Fintech’s Role in Tackling Financial Inequality

Fintech’s Role in Tackling Financial Inequality

Financial inequality is a contemporaneous global issue where enormous differences exist between access and uses of financial services among diverse socioeconomic groups. Indeed, millions within the developing areas of the world remain either unbanked or underbanked-that is, without access to basic financial services such as savings accounts, credit, insurance, and investment opportunities. It is, therefore, necessary that more and more fintech can develop new answers to these issues: democratizing access, reducing costs, and improving financial inclusion. Developing this branch, it might fill the gap between those included and those excluded financially, thus remedying financial inequality at large.

Probably the most important way in which fintech tackles financial inequality is through better accessibility of financial services for underserved populations. Traditional banking has not been able, for a long time now, to reach the low-income population and the families dwelling in remote areas due to the added cost in setting up physical infrastructures to serve them, as well as maintaining those small accounts. Conversely, the fintech firms have utilized the various digital platforms, mobile technology, and the internet in providing financial services with no physical contact. This therefore provides an avenue for people in rural or under-served areas to use financial tools by means of smartphones, even when they may live miles away from the nearest bank branch.

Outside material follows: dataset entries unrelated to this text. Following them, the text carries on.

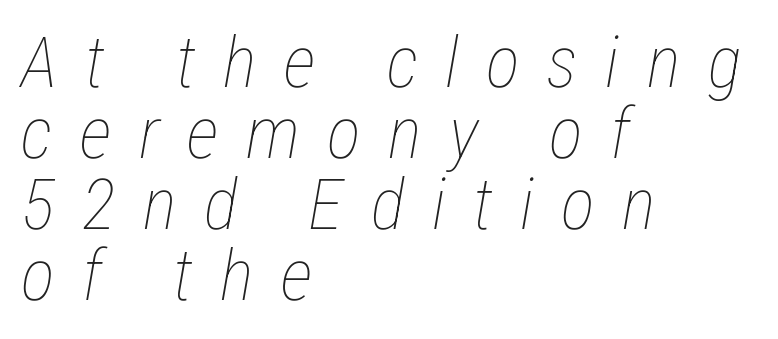
The image shows 71 px thin, condensed type, italic (leaning right); set left-aligned, tight line spacing (1.0x), unusually wide letter spacing (+0.39 em), not underlined; low stroke contrast and a medium x-height.
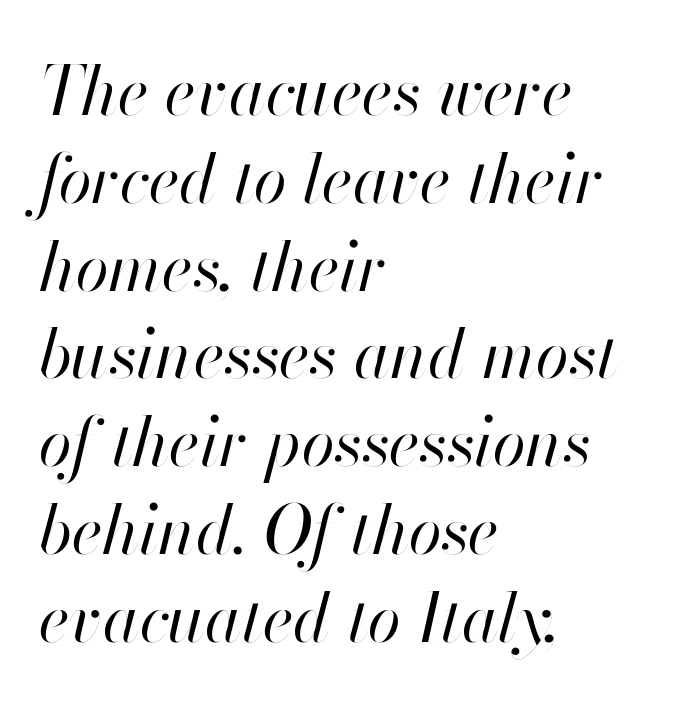
When letters slant like this, we call the style italic. Left-aligned paragraph, ragged on the right. Each letter keeps its own natural width here, so spacing adapts to shape. Heft: none added — not bold. The tracking reads as untouched default to a designer's eye. Underlining? Definitely not there.
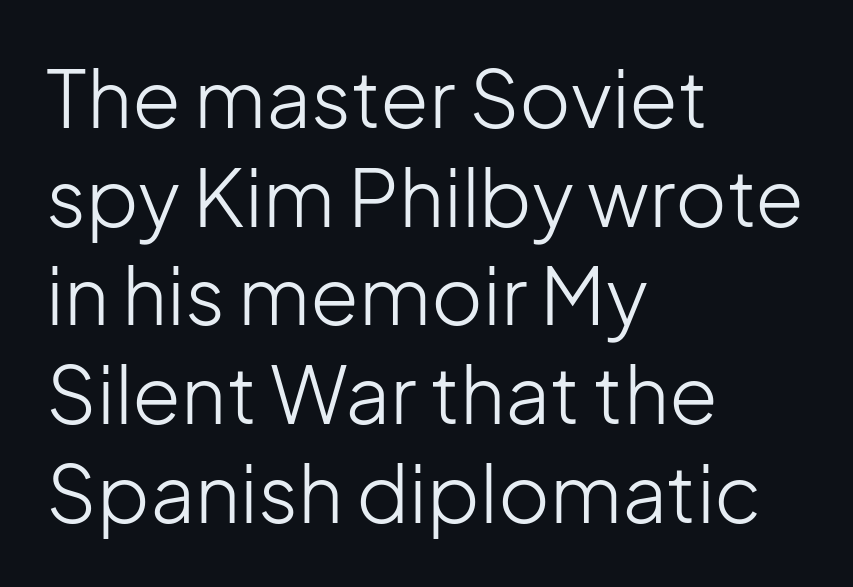
The image shows 79 px light sans-serif type, upright; set left-aligned, normal line spacing (1.25x), normal letter spacing, not underlined; low stroke contrast and a medium x-height.
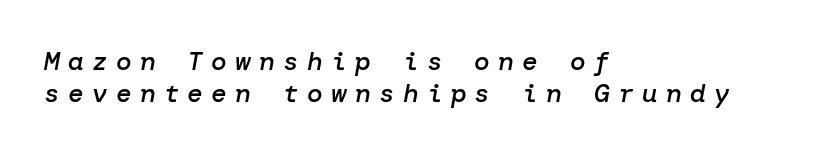
Tracking value appears strongly positive — letters spread wide. This sample uses an oblique cut, with every glyph tilted off the vertical. Which margin do the lines hug? The left one — the right edge is uneven. Has an underline been added? It has not.
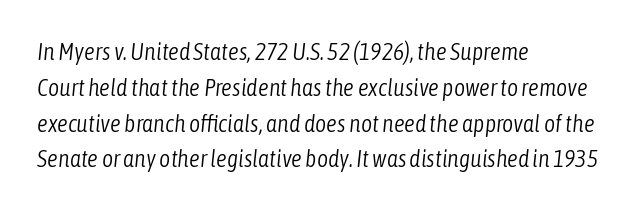
The image shows 24 px text type, italic (leaning right); set left-aligned, normal line spacing (1.49x), normal letter spacing, not underlined.
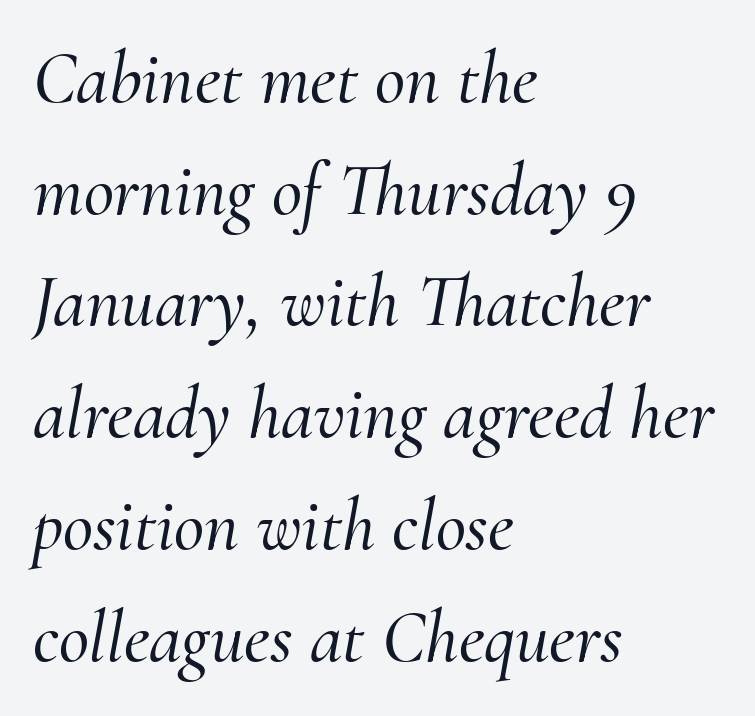
The paragraph has a hard left edge and a soft right edge. The tracking reads as untouched default to a designer's eye. Each letter keeps its own natural width here, so spacing adapts to shape. Underline: absent. The typography opts for an oblique posture over an upright one.
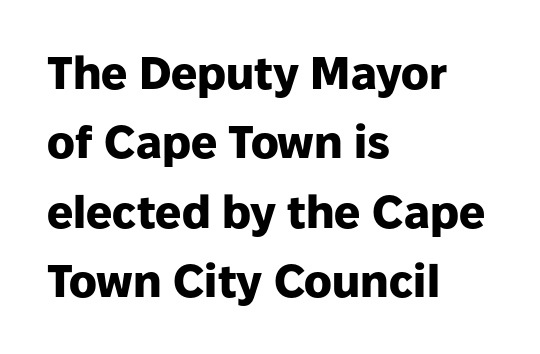
{"serif": "no", "italic": "no", "bold": "yes", "weight": "heavy", "width": "normal", "stroke_contrast": "low", "x_height": "medium", "monospaced": "no", "underline": "no", "align": "left", "line_spacing": "normal", "line_spacing_ratio": 1.51, "letter_spacing": "normal", "letter_spacing_em": 0.0, "glyph_px": 46}

Mobile money platforms, such as M-Pesa in Kenya, illustrate how fintech can completely revolutionize the concept of financial inclusion. With M-Pesa, using a cellular phone, one can deposit, withdraw, and transfer cash; hence, this promotes essential financial services to millions excluded by the formal banking system. This has gone a long way in ensuring a reduction in financial inequality within Kenya and other countries where mobile money has been adopted through effective enablement of users in active participation within the economy, saving, and gaining access to microloans. This has further inspired similar innovations elsewhere, such as bKash in Bangladesh and Paytm in India, further expanding access to financial services.

Besides improving access, fintech reduces the cost of financial services-the other critical factor in reducing financial inequality. Traditional banking services often come with considerable fees, let alone the small transactions which low-income people cannot afford. In contrast, the application of technology by Fintech firms reduces overheads, possibly passing it on to customers. For example, digital banks and pay platform providers would afford to cut down transaction charges, charges on account maintenance, and currency conversion charges. This means that poor people and micro-businesses will more easily and at lesser cost manage their cash through savings.

Another good example of how fintech is reducing the barrier to financial services is the peer-to-peer lending platforms. It cuts out the traditional intermediary of finance, the banks, and connects the borrower directly to the lender. P2P makes credit available to individuals and small businesses that may not have formal credit history or collateral often called for by traditional banks. This is especially important for entrepreneurs and small businesses in developing countries that, otherwise, would not get loans from mainstream financial institutions. In this way, P2P lending platforms reduce financial inequality by equipping people with what they need to invest in businesses, improve livelihoods, and create further economic opportunities within their communities.

Another critical function of FinTech has been democratizing investment opportunities, important in the context of decreasing wealth disparities. In most countries and over a long period, access to diverse investment products had been restricted to rich or institutional investors. However, FinTech platforms, such as robo-advisors and investment apps, torn down these barriers by offering low-cost user-friendly investment services to larger pools of users. Most of them use algorithms for personalized investment advice and have made it possible even for persons with little knowledge of finance to invest in small sums of money. By far more importantly, this opens up more avenues of investment through which Fintech makes the growth of wealth easier and the sharing in the fruits of economic growth.